In early 1991, a number of employees of plaintiff Omega Optical (Omega) left Omega and went into business together under the name of defendant Chroma Technology Corporation (Chroma). Chroma began making thin-film optical interference filters used in fluorescence microscopy, a product that Omega had developed and was also producing. Thereafter, Omega brought suit against Chroma and ten of its employees for trade secret misappropriation, conversion, breach of loyalty, tortious interference with business relations, unfair competition, conspiracy, and breach of contract. According to Omega’s allegations, Chroma acquired substantial amounts of information that the court found was "protectible as a trade secret," hence, it was entitled to judgment as a matter of law. The district court concluded under the evidence that Chroma owed no duty of confidentiality with regard to the information. Omega appealed.
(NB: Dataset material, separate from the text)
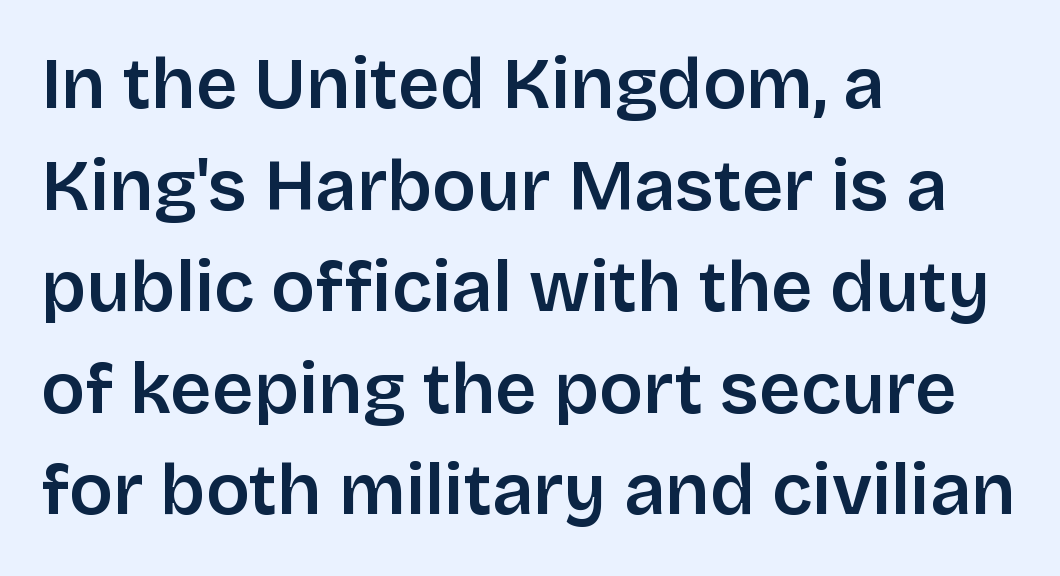
Vertically, the passage feels balanced, rows spaced as you'd expect. Italic? Not at all — the glyphs are vertical. Each line starts at the same left margin while the right side varies. Looks like regular typesetting: each glyph gets only the width it needs. Firm but not heavy-handed strokes: this text is semibold. The typeface chosen for these lines omits serifs.
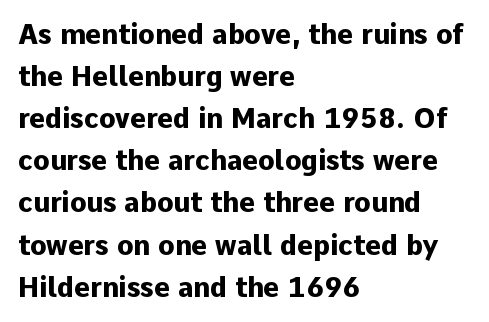
{"italic": "no", "bold": "yes", "underline": "no", "align": "left", "line_spacing": "normal", "line_spacing_ratio": 1.56, "letter_spacing": "normal", "letter_spacing_em": 0.0, "glyph_px": 27}
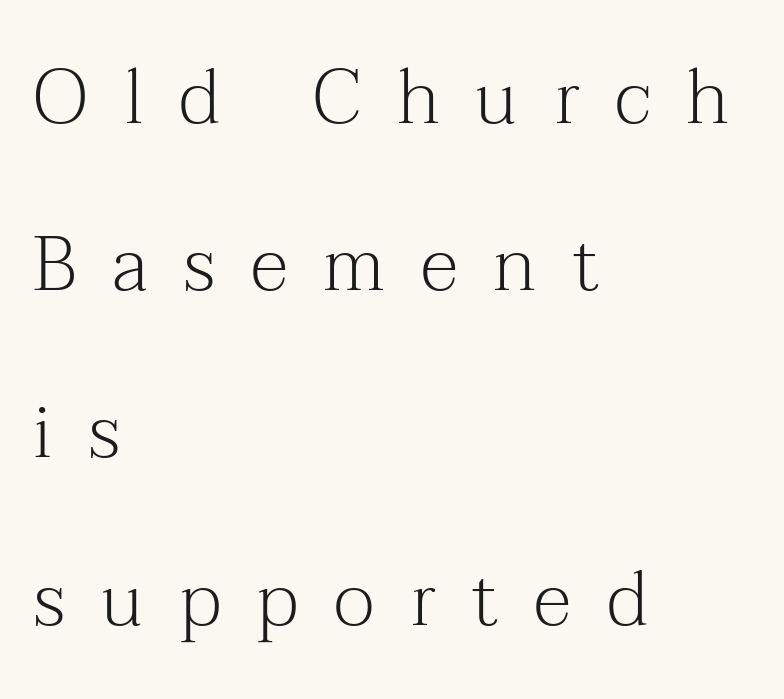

Did the defendants, former employees of plaintiff, owe duty of confidentiality to the latter with regard to the information in question?




The appellate court agreed that defendants owed no duty of confidentiality with regard to the information. The company had no internal policies concerning confidentiality, failed to convey the confidential nature of the information it later sought to protect; and when the company did institute a policy of confidentiality, the defendants still employed with the company refused to sign it and resigned. While the employees planned the creation of the competitor while still working at the company, they did not solicit the company's customers while still working there and continued to perform their duties in good faith. As the company failed to show the defendants acted solely to harm the company, or used improper means to advance their own competitive interests, it failed to prove tortious interference with business relations. And the trial court properly found that the competitor had not deliberately tried to foster confusion of itself with the company.